Our aim is to create accurate catalogue records, and the best way to ensure accuracy is for our SCIS cataloguers to examine the items themselves. This will provide the ability for optimal retrieval of resources by maximising the chances of your users finding and accessing the material they need within your library catalogue.
Quality assurance
Without the actual items in hand or clear complete images of items, cataloguers may not be able to:
- fully determine the subject matter of the material
- provide full metadata such as pagination and the types of illustrations; this may matter for resources such as geography books where the number of pages or types of illustrations included is important
- retain consistency with author names via authority files so that full results are returned on an author search. By examining the physical item, cataloguers can determine who the actual authors are – sometimes the requesting subscriber might identify the editor or compiler as an author.
Provide images of title
SCIS receives its cataloguing metadata from books received at our depot from schools and the AUS/NZ retail book distribution network.
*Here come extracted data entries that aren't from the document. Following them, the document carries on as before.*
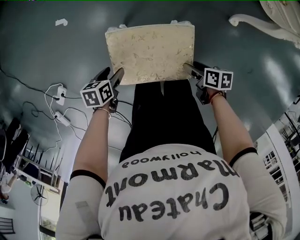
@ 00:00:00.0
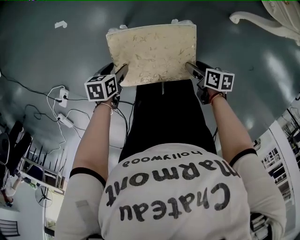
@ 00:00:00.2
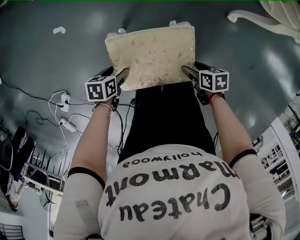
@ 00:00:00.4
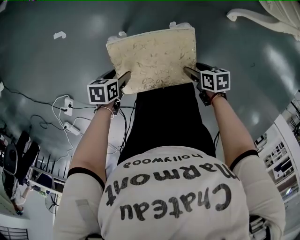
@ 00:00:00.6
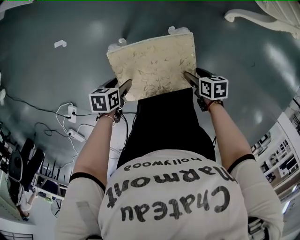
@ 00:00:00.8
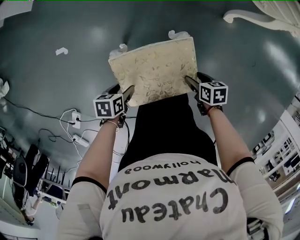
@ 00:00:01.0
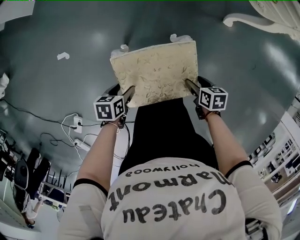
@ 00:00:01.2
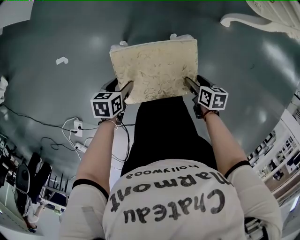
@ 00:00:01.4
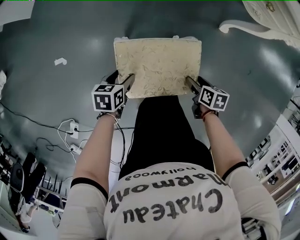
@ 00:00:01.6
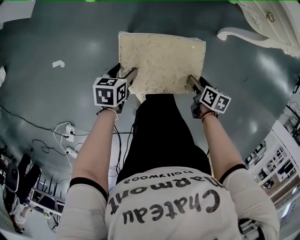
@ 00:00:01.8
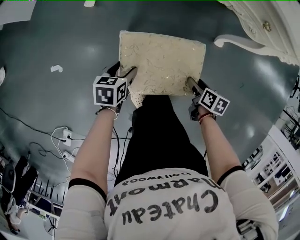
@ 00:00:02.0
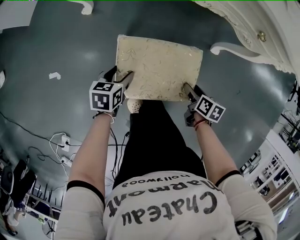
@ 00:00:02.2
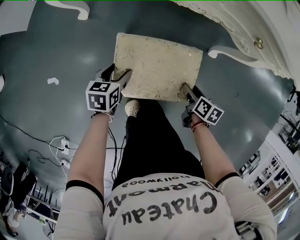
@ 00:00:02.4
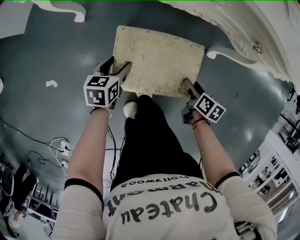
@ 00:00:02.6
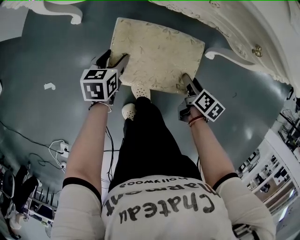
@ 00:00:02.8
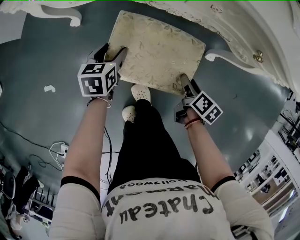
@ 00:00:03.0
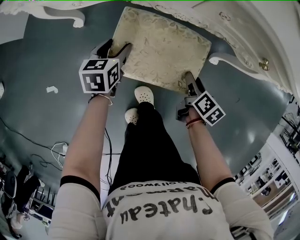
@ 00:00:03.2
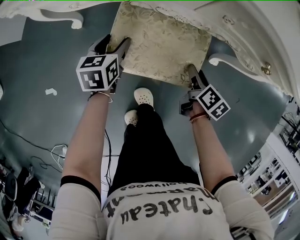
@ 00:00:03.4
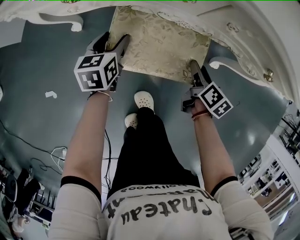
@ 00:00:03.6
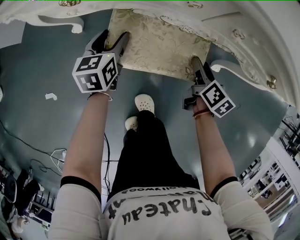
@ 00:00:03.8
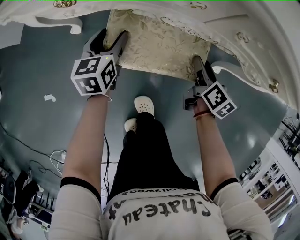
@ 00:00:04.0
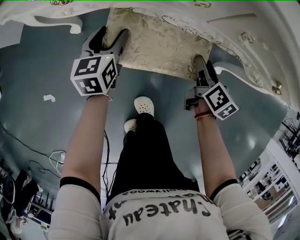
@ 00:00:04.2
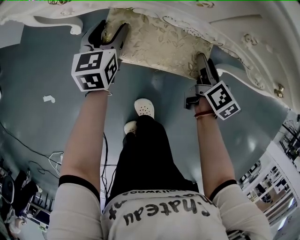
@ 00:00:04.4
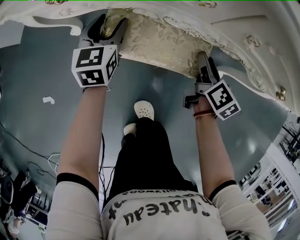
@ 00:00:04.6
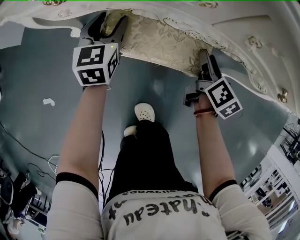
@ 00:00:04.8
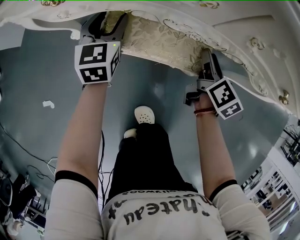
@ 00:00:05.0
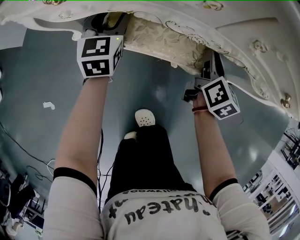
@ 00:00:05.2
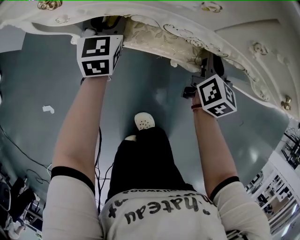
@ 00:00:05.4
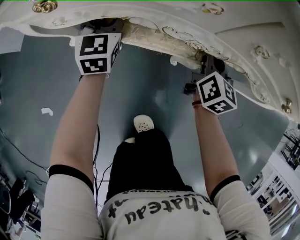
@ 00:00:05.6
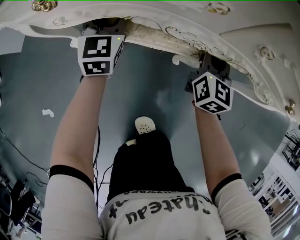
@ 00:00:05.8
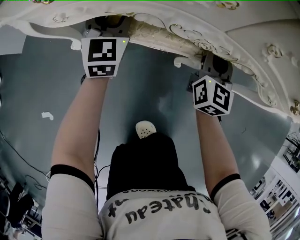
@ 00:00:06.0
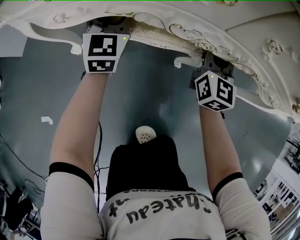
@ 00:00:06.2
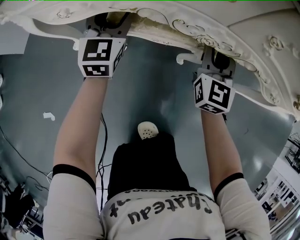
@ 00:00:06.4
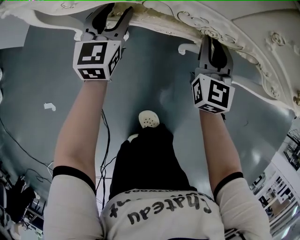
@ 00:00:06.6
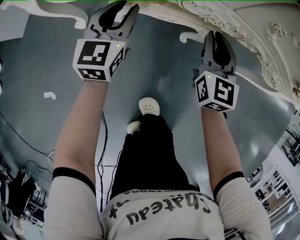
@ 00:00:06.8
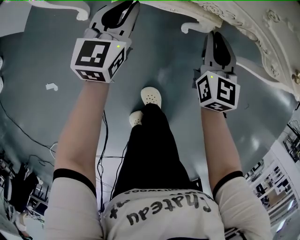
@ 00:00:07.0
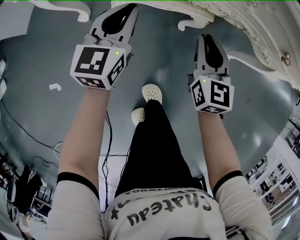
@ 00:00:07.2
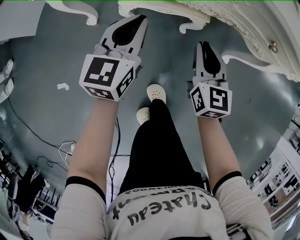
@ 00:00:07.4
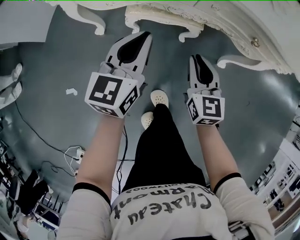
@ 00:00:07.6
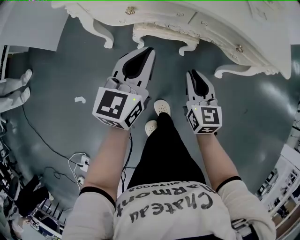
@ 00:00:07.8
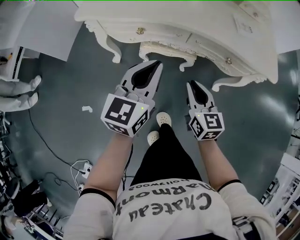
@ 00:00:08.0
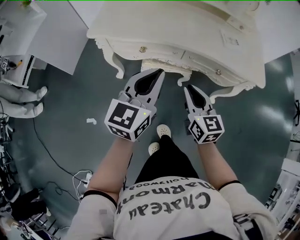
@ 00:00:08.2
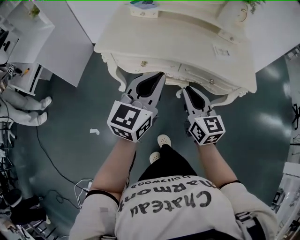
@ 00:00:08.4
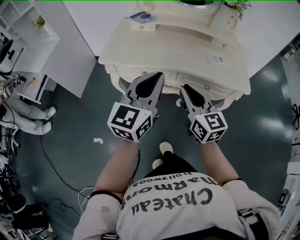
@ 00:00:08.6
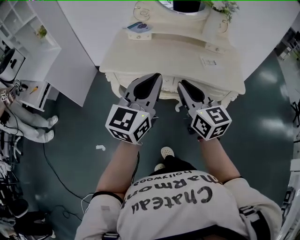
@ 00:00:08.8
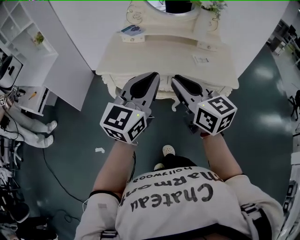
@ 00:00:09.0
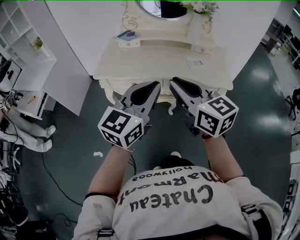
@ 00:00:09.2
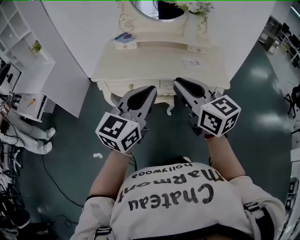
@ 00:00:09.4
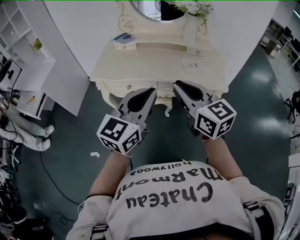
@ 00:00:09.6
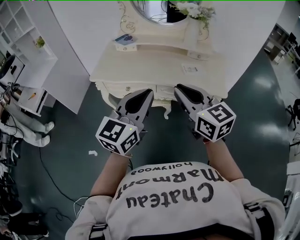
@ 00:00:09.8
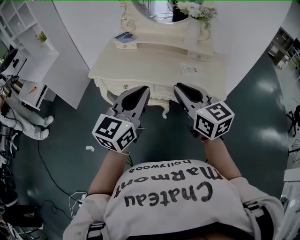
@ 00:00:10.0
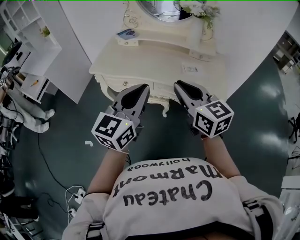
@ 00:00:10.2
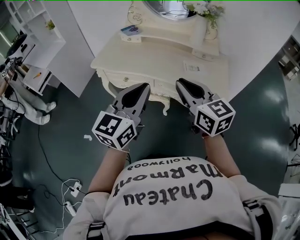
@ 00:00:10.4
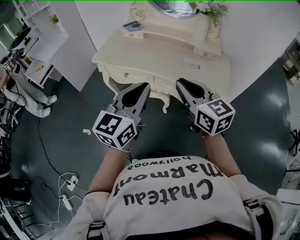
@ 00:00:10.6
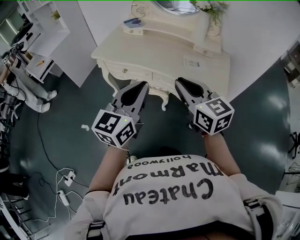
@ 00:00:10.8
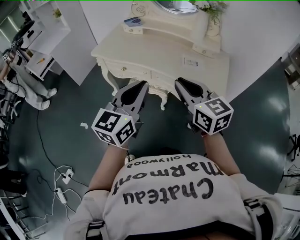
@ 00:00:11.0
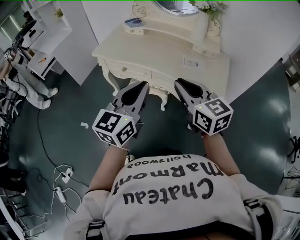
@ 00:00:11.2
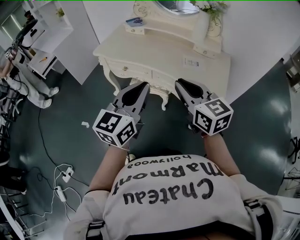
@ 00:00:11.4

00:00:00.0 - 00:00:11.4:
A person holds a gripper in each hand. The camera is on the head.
00:00:00.0 - 00:00:01.4: The right gripper changes its angle by some 20 degrees. The left gripper moves about 10 cm, and rotates roughly 20 degrees.
00:00:01.4 - 00:00:02.8: The grippers both shift forward by about 30 cm. The left gripper turns by roughly 20 degrees. Meanwhile the right gripper turns by some 30 degrees.
00:00:02.8 - 00:00:04.2: The grippers both shift forward by some 15 cm. The left gripper swivels some 20 degrees.
00:00:04.2 - 00:00:05.6: Both grippers travel together forward, about 10 cm. The left gripper rotates about 30 degrees, while the right gripper swivels about 30 degrees, and closes.
00:00:05.6 - 00:00:07.2: The grippers both shift backward and upward by roughly 15 cm. The right gripper swivels approximately 20 degrees; the left gripper closes its fingers.
00:00:07.2 - 00:00:08.6: The two grippers go some 50 cm upward. The right gripper rotates some 20 degrees.
00:00:08.6 - 00:00:10.0: The right gripper moves upward and to the right, approximately 15 cm. Meanwhile the left gripper goes some 15 cm to the right, upward and backward.
00:00:10.0 - 00:00:11.4: Both grippers move to the right, about 10 cm.

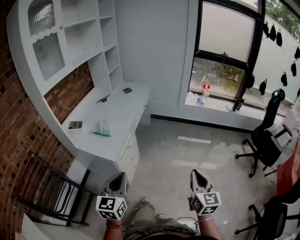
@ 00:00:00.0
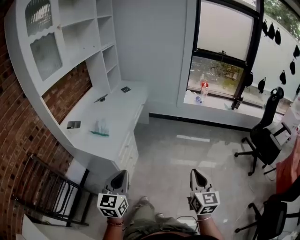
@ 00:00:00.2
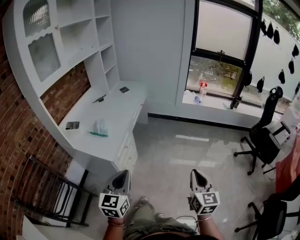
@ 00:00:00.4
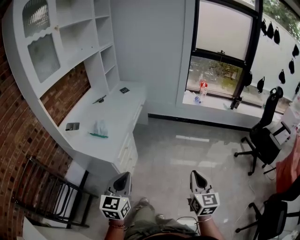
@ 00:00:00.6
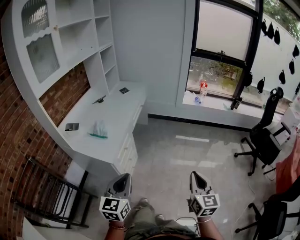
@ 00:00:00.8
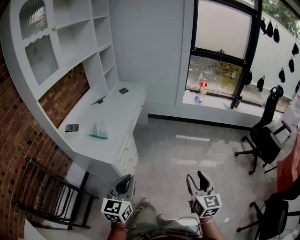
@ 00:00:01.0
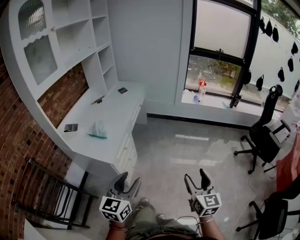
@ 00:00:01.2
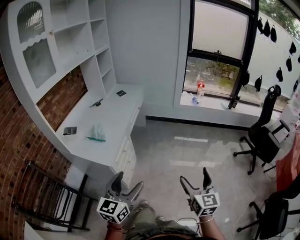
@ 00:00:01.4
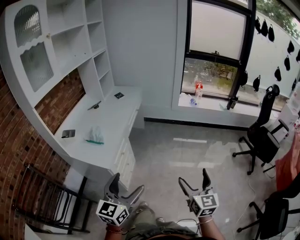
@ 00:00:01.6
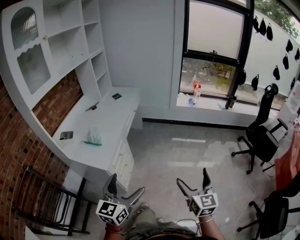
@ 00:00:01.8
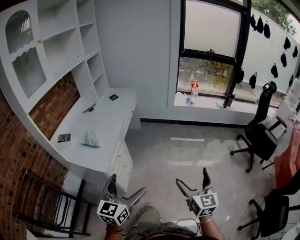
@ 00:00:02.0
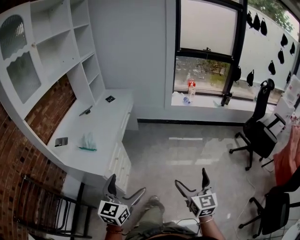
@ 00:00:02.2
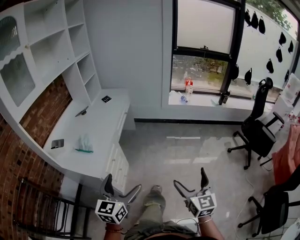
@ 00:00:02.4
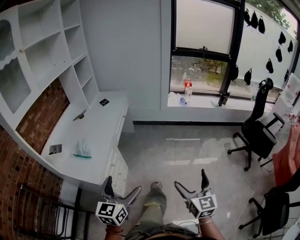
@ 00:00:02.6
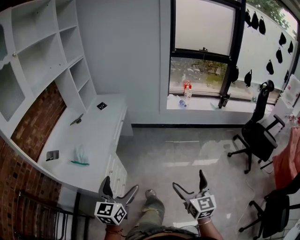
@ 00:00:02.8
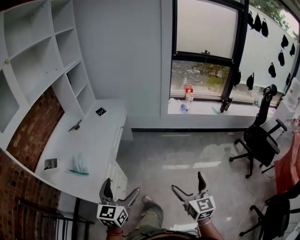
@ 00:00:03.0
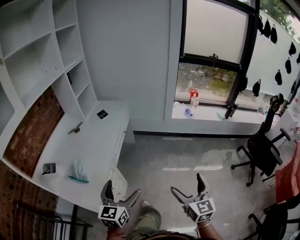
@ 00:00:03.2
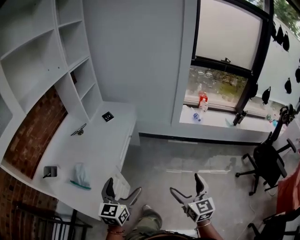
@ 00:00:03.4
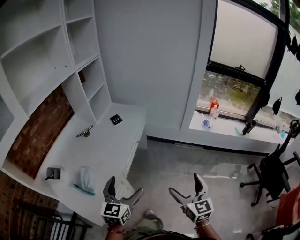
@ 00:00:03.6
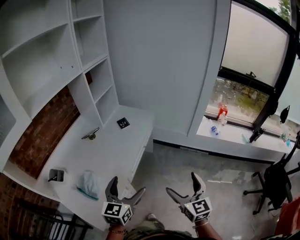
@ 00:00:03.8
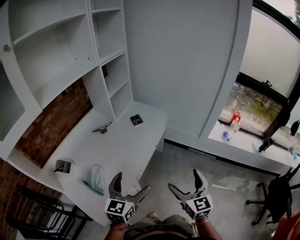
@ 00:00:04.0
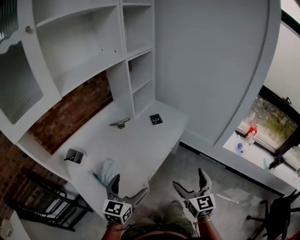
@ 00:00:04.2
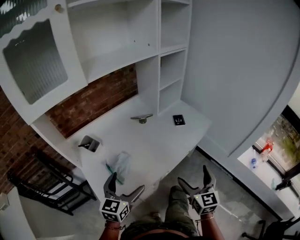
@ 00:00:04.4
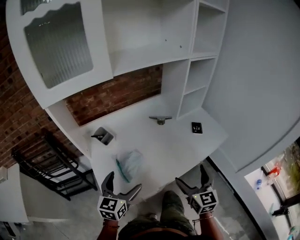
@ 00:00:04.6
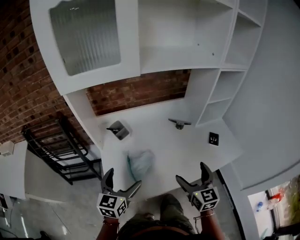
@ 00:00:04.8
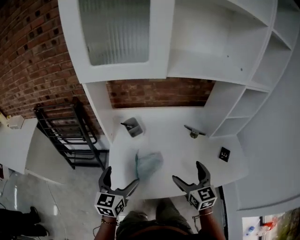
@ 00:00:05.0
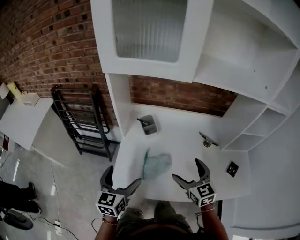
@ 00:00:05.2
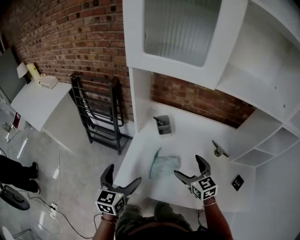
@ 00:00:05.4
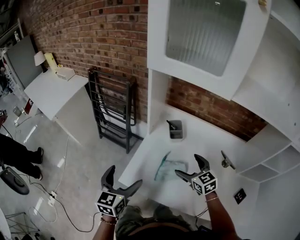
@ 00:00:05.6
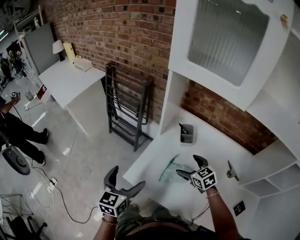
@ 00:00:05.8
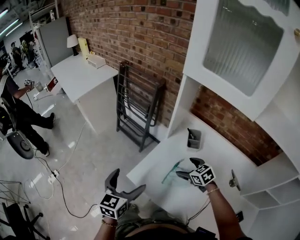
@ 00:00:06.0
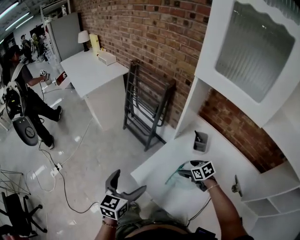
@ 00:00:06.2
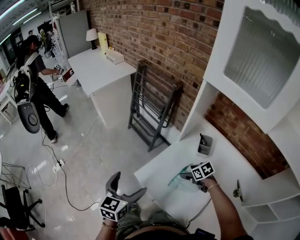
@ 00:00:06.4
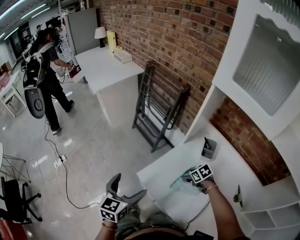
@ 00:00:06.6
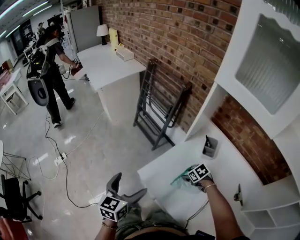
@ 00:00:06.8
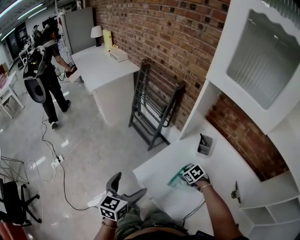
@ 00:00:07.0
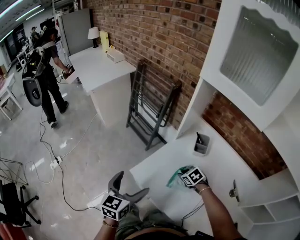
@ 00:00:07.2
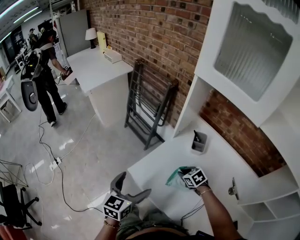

However, SCIS is often asked to catalogue items that have been purchased outside of this retail network. These titles are:
- Sold exclusively to one store (eg: Aldi, Newspapers)
- Ordered direct from overseas (eg: Amazon, Ebay)
- Ordered from publishers/distributors/authors who don’t provide materials to SCIS (eg: Book Warehouse - NSW)
- Small press authors/publishers who don’t provide materials to SCIS
- Pre-publication titles
An example is the title: The wheels on the ute go round and round, 9781760667351, published by Scholastic, in 2019. At the time, this item was sold to one store only and no information was available for cataloguers to create an accurate record.
In these cases, when there is no metadata available anywhere that we can use, we must receive the book (or the scanned images we request) in order to accurately catalogue the book.
Compliance with international cataloguing standards
SCIS provides records aligned with international cataloguing standards, which rely on:
- the transcription of some critical metadata that comes from examining exactly what is on the item
- the identification of the item’s subject headings that should come from analysing the resource itself.
Therefore, we rely on physical items or scanned images of book cover, title and copyright pages and back cover of the item.
Physical items receive highest priority
SCIS prioritises physical items in the cataloguing queue. Requests accompanied by physical items will be completed faster than those which have only been submitted online (see How long does it take to have my items catalogued?).